Accepted: October 11, 2018 | Published Online: October 13, 2018

Citation: Voronov VK (2018) Principles of High-Resolution NMR Spectroscopy of Paramagnetic Molecules in Solutions. Int J Exp Spectroscopic Tech 3:019.

Copyright: © 2018 Voronov VK. This is an open-access article distributed under the terms of the Creative Commons Attribution License, which permits unrestricted use, distribution, and reproduction in any medium, provided the original author and source are credited.

Abstract

The review summarizes the peculiarities of NMR phenomenon in paramagnetic molecules. These peculiarities are due to hyperfine or electronic coupling between the unpaired electrons and the resonant nuclei that leads to the paramagnetic broadening as well as to the paramagnetic shifts (contact and pseudocontact) of resonance lines in NMR spectra. The contact shift is observed when a probability of the unpaired electron disposition in the location of resonance nucleus is different from zero. Therefore, these shifts can be considered as a source of information about nature of the metal-ligand bond as well as about electron structure of the ligands. Pseudocontact shifts characterize the spatial structure of the molecule and can be used for solving various structural problems. The review covers the pioneering works describing the specifics of the NMR spectra transformed by additives of paramagnetic complexes of iron group elements including those of cobalt and nickel as well as complexes of rare-earth elements, e.g. europium.

Keywords

NMR spectroscopy, Hyperfine coupling, Paramagnetic shifts

Introduction

Just after the discovery of nuclear magnetic resonance (NMR), this phenomenon has formed the basis of a powerful method for structural study of compounds and their properties, at least, in liquid phase. For a long time, diamagnetic compounds remained the main objects of the structural investigations using NMR technique (see, for example, ref. [1,2] and the references cited therein). Despite the fact that this situation is still retained, there are strong grounds to believe that study of the NMR phenomenon in paramagnetic systems will also allow obtaining valuable information on molecular structure of the compounds. Such opportunity relates, as a rule, to paramagnetic complexes, which specifics are defined by unpaired electrons on d- and f- orbitals. Electron-nuclear or hyperfine coupling (HFC) between unpaired electrons and nuclei of the paramagnetic molecule leads to characteristic shifts and broadenings associated with spatial and electronic structure of the molecules, which NMR spectrum is detected, by explicit functional dependence. In paramagnetic compounds, diverse relaxation effects can be observed that essentially expands research possibilities of the NMR method. The investigations of temperature dependence of paramagnetic shifts and signal broadenings enable to establish thermodynamic parameters of complex formation in solution and to elucidate stoichiometry of complexes and peculiarities of intra- and intermolecular exchange processes. Hence it follows that the NMR spectra, transformed by HFC, permit, at least, in principle, a considerable body of unique information on molecular structure to be obtained [3-6].

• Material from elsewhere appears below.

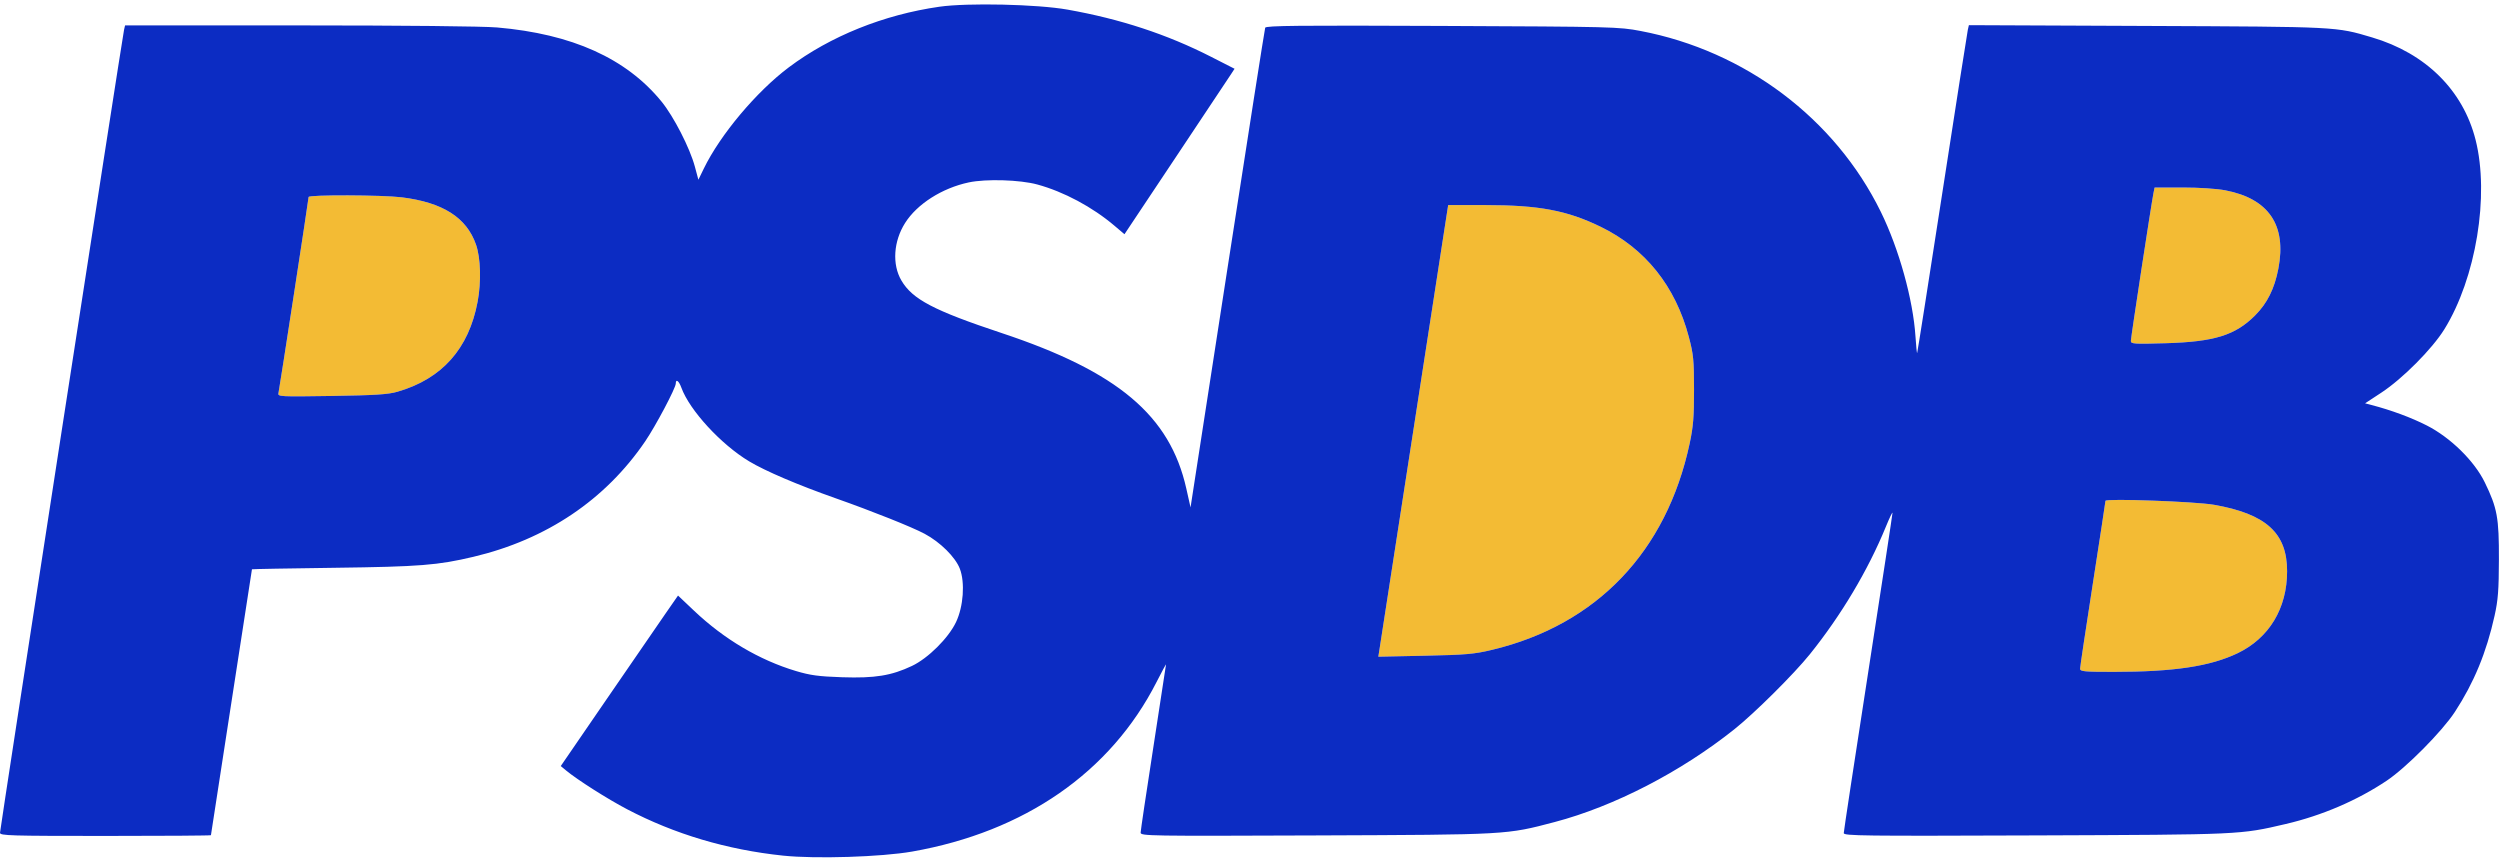 <svg xmlns="http://www.w3.org/2000/svg" width="1280" height="440" viewBox="0 0 1280 440" version="1.1"><path d="M 1102.595 98.750 C 1101.564 103.780, 1091 172.853, 1091 174.565 C 1091 176.099, 1092.577 176.203, 1108.750 175.735 C 1133.680 175.014, 1144.429 171.688, 1154.558 161.558 C 1160.848 155.269, 1164.556 147.818, 1166.540 137.482 C 1170.805 115.263, 1161.579 101.693, 1139.313 97.433 C 1134.981 96.604, 1125.782 96, 1117.491 96 L 1103.159 96 1102.595 98.750 M 158 100.863 C 158 102.018, 143.101 198.994, 142.565 201.332 C 142.163 203.081, 143.386 203.144, 169.822 202.733 C 192.135 202.386, 198.663 201.967, 203.500 200.571 C 226.273 194.002, 240.020 178.570, 244.542 154.500 C 246.463 144.273, 246.115 132.084, 243.703 125.195 C 238.866 111.377, 226.755 103.662, 205.769 101.030 C 195.828 99.784, 158 99.651, 158 100.863 M 724.116 217.250 C 714.575 278.988, 706.529 331.015, 706.235 332.867 L 705.700 336.234 729.600 335.728 C 750.579 335.284, 754.783 334.915, 764 332.709 C 817.485 319.905, 853.273 282.494, 865.122 227 C 866.951 218.433, 867.361 213.371, 867.346 199.500 C 867.330 184.339, 867.042 181.418, 864.683 172.500 C 857.796 146.459, 842.378 127.209, 819.500 116.085 C 802.278 107.710, 787.895 105.010, 760.481 105.004 L 741.461 105 724.116 217.250 M 1078 256.436 C 1078 256.838, 1075.075 275.992, 1071.500 299 C 1067.925 322.008, 1065 341.546, 1065 342.416 C 1065 343.800, 1067.179 344, 1082.250 343.999 C 1112.947 343.998, 1131.693 341.173, 1145.690 334.441 C 1161.809 326.688, 1171 311.446, 1171 292.468 C 1171 272.890, 1160.227 263.114, 1133.500 258.435 C 1124.021 256.775, 1078 255.118, 1078 256.436" stroke="none" fill="#f3bb34" fill-rule="evenodd"/><path d="M 480.984 3.443 C 452.453 7.528, 425.119 18.529, 403.862 34.482 C 387.294 46.917, 368.811 68.924, 360.376 86.260 L 357.574 92.020 355.756 85.260 C 353.201 75.759, 344.960 59.679, 338.723 52.026 C 320.687 29.894, 292.929 17.380, 254.500 14.058 C 247.351 13.440, 206.427 13.016, 153.269 13.010 L 64.038 13 63.514 15.250 C 62.691 18.779, 0 424.604, 0 426.399 C 0 427.847, 5.150 428, 54 428 C 83.700 428, 108 427.831, 108 427.625 C 108 427.419, 112.725 396.752, 118.500 359.476 C 124.275 322.201, 129 291.602, 129 291.480 C 129 291.358, 148.013 291.011, 171.250 290.708 C 214.987 290.139, 224.162 289.412, 242.467 285.064 C 279.786 276.201, 309.941 255.926, 330.316 226 C 335.737 218.038, 346 198.642, 346 196.360 C 346 193.822, 347.593 194.985, 348.840 198.435 C 353.034 210.033, 369.187 227.595, 383.603 236.230 C 391.944 241.227, 408.374 248.240, 427.799 255.095 C 446.747 261.782, 466.838 269.796, 473.352 273.267 C 481.418 277.564, 489.182 285.267, 491.452 291.226 C 494.150 298.304, 493.273 310.543, 489.498 318.500 C 485.618 326.679, 475.192 337.048, 466.909 340.966 C 456.365 345.952, 447.942 347.314, 431.157 346.747 C 419.107 346.339, 414.900 345.773, 407.505 343.559 C 388.793 337.958, 370.807 327.318, 355.398 312.732 L 347.150 304.925 340.704 314.212 C 337.159 319.321, 323.649 338.962, 310.683 357.860 L 287.108 392.220 289.804 394.461 C 295.508 399.203, 311.054 409.085, 321.054 414.325 C 345.476 427.122, 372.233 435.076, 400.991 438.087 C 417.635 439.830, 451.290 438.768, 467 436.004 C 524.698 425.852, 568.648 395.367, 592.159 349.188 C 594.822 343.958, 597 339.924, 597 340.222 C 597 340.521, 594.077 359.605, 590.505 382.632 C 586.932 405.660, 584.007 425.310, 584.005 426.299 C 584 428.021, 587.869 428.083, 673.750 427.742 C 772.471 427.350, 771.143 427.424, 796 420.880 C 826.385 412.879, 860.680 395.170, 888 373.374 C 898.415 365.064, 918.478 345.133, 926.627 335 C 942.673 315.049, 956.435 291.970, 965.529 269.763 C 967.390 265.218, 968.933 261.987, 968.957 262.582 C 968.980 263.177, 963.375 299.959, 956.500 344.321 C 949.625 388.682, 944 425.682, 944 426.543 C 944 427.955, 953.610 428.071, 1042.250 427.731 C 1147.915 427.326, 1146.784 427.377, 1170.304 421.887 C 1188.850 417.558, 1206.859 409.833, 1221.985 399.719 C 1231.993 393.026, 1250.361 374.496, 1256.896 364.500 C 1266.664 349.557, 1273.059 334.055, 1277.239 315.183 C 1279 307.233, 1279.395 302.099, 1279.442 286.500 C 1279.507 265.064, 1278.605 260.130, 1272.219 247 C 1266.879 236.021, 1254.644 224.013, 1242.500 217.833 C 1234.542 213.783, 1224.369 210.017, 1214.211 207.360 L 1210.923 206.500 1219.211 201.059 C 1230.108 193.906, 1245.264 178.669, 1251.506 168.591 C 1267.708 142.435, 1274.691 100.081, 1267.498 71.597 C 1261.085 46.204, 1241.961 27.279, 1214.500 19.151 C 1195.846 13.629, 1197.559 13.716, 1099.283 13.285 L 1008.067 12.885 1007.537 15.193 C 1007.245 16.462, 1001.347 54.171, 994.430 98.991 C 987.512 143.810, 981.727 180.606, 981.575 180.758 C 981.423 180.910, 981.040 177.090, 980.725 172.268 C 979.486 153.338, 972.273 127.404, 962.977 108.456 C 939.528 60.663, 893.525 26.043, 839.923 15.850 C 828.839 13.742, 825.829 13.666, 738.379 13.281 C 664.796 12.957, 648.171 13.125, 647.781 14.192 C 647.519 14.912, 638.811 70.466, 628.430 137.647 L 609.555 259.795 607.383 250.107 C 599.006 212.754, 572.313 190.281, 512.862 170.527 C 478.058 158.962, 467.160 153.249, 461.507 143.601 C 456.687 135.377, 457.458 123.547, 463.427 114.131 C 469.573 104.436, 482.369 96.288, 496 93.391 C 504.857 91.508, 522.207 92.033, 531.081 94.453 C 544.665 98.156, 559.308 105.982, 570.613 115.580 L 575.727 119.921 602.187 80.211 C 616.740 58.370, 629.423 39.309, 630.371 37.853 L 632.094 35.207 620.050 29.067 C 597.489 17.564, 573.597 9.717, 546.500 4.910 C 531.056 2.170, 495.445 1.373, 480.984 3.443 M 1102.595 98.750 C 1101.564 103.780, 1091 172.853, 1091 174.565 C 1091 176.099, 1092.577 176.203, 1108.750 175.735 C 1133.680 175.014, 1144.429 171.688, 1154.558 161.558 C 1160.848 155.269, 1164.556 147.818, 1166.540 137.482 C 1170.805 115.263, 1161.579 101.693, 1139.313 97.433 C 1134.981 96.604, 1125.782 96, 1117.491 96 L 1103.159 96 1102.595 98.750 M 158 100.863 C 158 102.018, 143.101 198.994, 142.565 201.332 C 142.163 203.081, 143.386 203.144, 169.822 202.733 C 192.135 202.386, 198.663 201.967, 203.500 200.571 C 226.273 194.002, 240.020 178.570, 244.542 154.500 C 246.463 144.273, 246.115 132.084, 243.703 125.195 C 238.866 111.377, 226.755 103.662, 205.769 101.030 C 195.828 99.784, 158 99.651, 158 100.863 M 724.116 217.250 C 714.575 278.988, 706.529 331.015, 706.235 332.867 L 705.700 336.234 729.600 335.728 C 750.579 335.284, 754.783 334.915, 764 332.709 C 817.485 319.905, 853.273 282.494, 865.122 227 C 866.951 218.433, 867.361 213.371, 867.346 199.500 C 867.330 184.339, 867.042 181.418, 864.683 172.500 C 857.796 146.459, 842.378 127.209, 819.500 116.085 C 802.278 107.710, 787.895 105.010, 760.481 105.004 L 741.461 105 724.116 217.250 M 1078 256.436 C 1078 256.838, 1075.075 275.992, 1071.500 299 C 1067.925 322.008, 1065 341.546, 1065 342.416 C 1065 343.800, 1067.179 344, 1082.250 343.999 C 1112.947 343.998, 1131.693 341.173, 1145.690 334.441 C 1161.809 326.688, 1171 311.446, 1171 292.468 C 1171 272.890, 1160.227 263.114, 1133.500 258.435 C 1124.021 256.775, 1078 255.118, 1078 256.436" stroke="none" fill="#0c2cc3" fill-rule="evenodd"/></svg>

General NMR Phenomenon in Paramagnetic Molecules

The specifics of NMR phenomenon in paramagnetic systems is defined by a character of hyperfine coupling between unpaired electrons and resonance nuclei that leads to broadening and shifts (contact and pseudo-contact ones) of the resonance lines. The contact shift is observed when a probability of the unpaired electron disposition in the location of resonance nucleus is different from zero. For a paramagnetic complex with insignificant spin-orbital coupling, the value of contact shift ω_k is defined by equation of Bloembergen-McConnel [7]:

${\omega }_k\text{ = }-A\frac{{\gamma }_e{g}_e\beta S(S+1)}{3kT{\gamma }_N},$

Where A is a constant of contact hyperfing coupling determined by Fermi formula; γ_e and γ_N - are gyromagnetic ratio for electron and nucleus of N; g_e is g factor of electron; S - is a spin of a complex; β - is Bore magneton; Т - is absolute temperature; k - is Boltzmann constant.

Therefore, these shifts can be considered as a source of information about nature of the metal-ligand bond as well as about electron structure of the ligands. The excellent examples illustrating efficiency of the contact HFC application for structural study of multielectron systems are given in the review [7].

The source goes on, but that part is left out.